• _Records for this task_
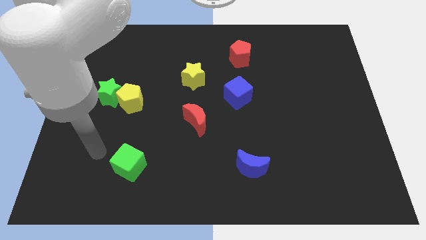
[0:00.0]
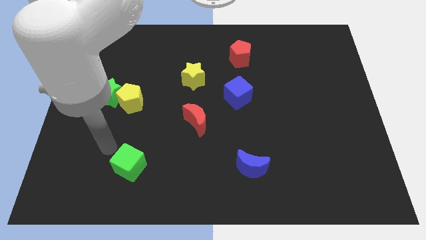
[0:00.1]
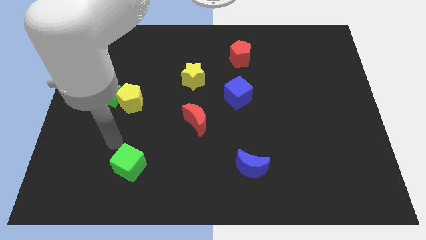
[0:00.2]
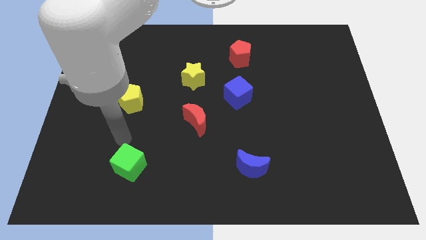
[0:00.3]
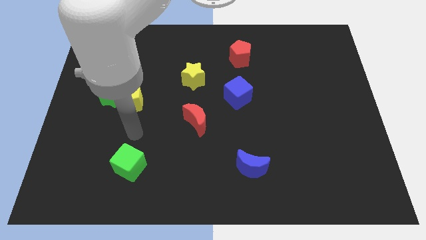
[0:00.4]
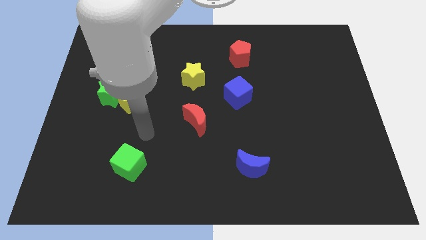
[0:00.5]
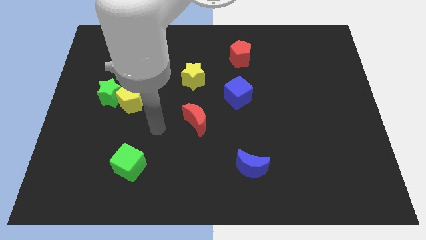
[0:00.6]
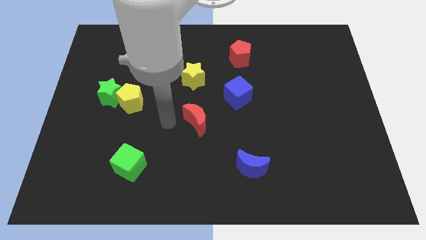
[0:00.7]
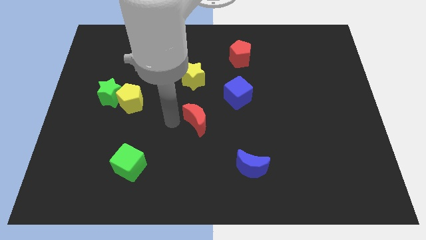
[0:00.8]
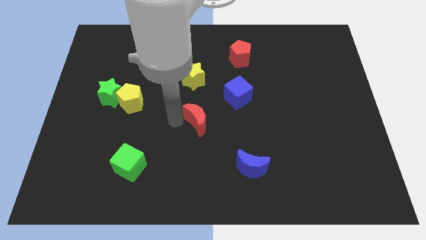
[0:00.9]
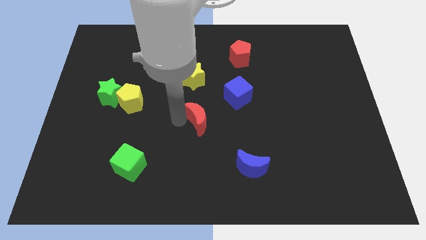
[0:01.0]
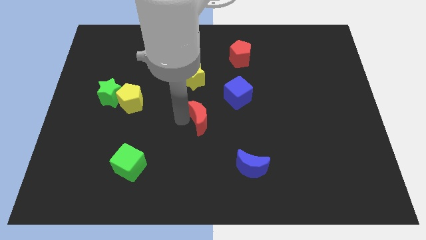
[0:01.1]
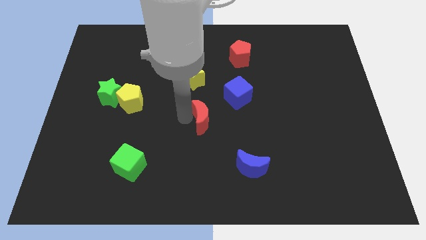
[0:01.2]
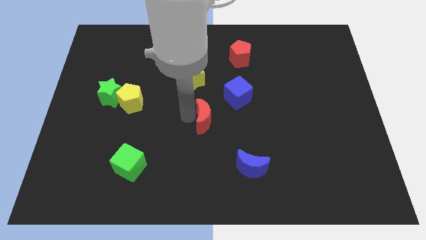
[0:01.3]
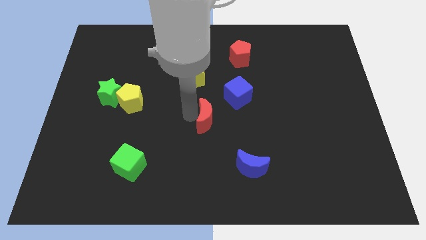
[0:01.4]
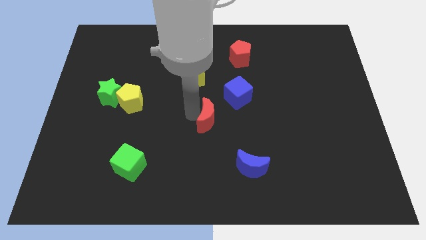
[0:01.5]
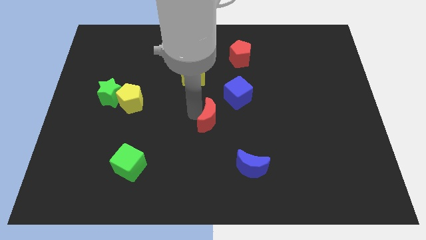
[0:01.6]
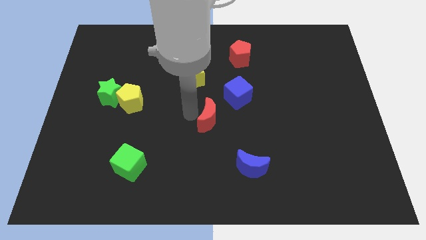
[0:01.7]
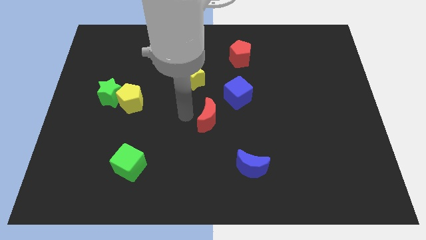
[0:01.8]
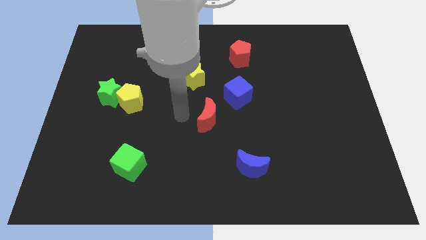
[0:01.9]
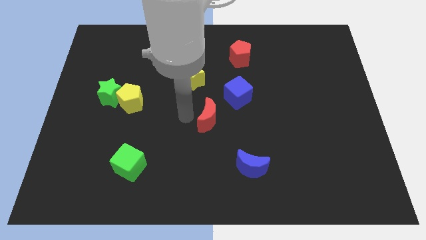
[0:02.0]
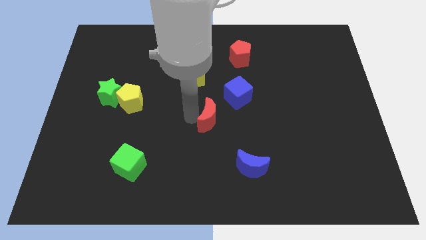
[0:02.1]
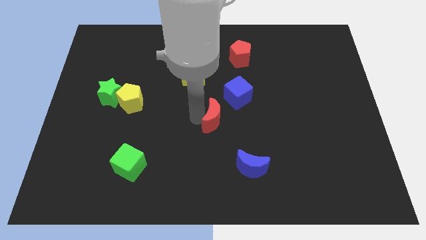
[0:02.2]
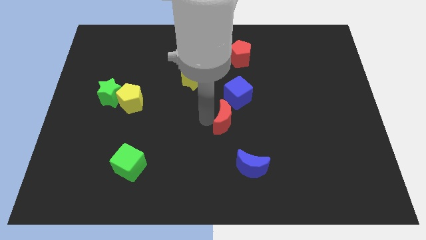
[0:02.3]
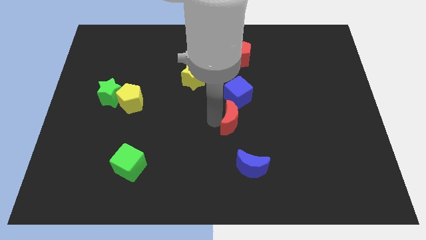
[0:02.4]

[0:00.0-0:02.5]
slide the red moon a little bit to the right

• _Work item_
Skipping the pictures, output the entries exactly as they appear above.

• _Answer for the task_
[0:00.0]
[0:00.1]
[0:00.2]
[0:00.3]
[0:00.4]
[0:00.5]
[0:00.6]
[0:00.7]
[0:00.8]
[0:00.9]
[0:01.0]
[0:01.1]
[0:01.2]
[0:01.3]
[0:01.4]
[0:01.5]
[0:01.6]
[0:01.7]
[0:01.8]
[0:01.9]
[0:02.0]
[0:02.1]
[0:02.2]
[0:02.3]
[0:02.4]

[0:00.0-0:02.5]
slide the red moon a little bit to the right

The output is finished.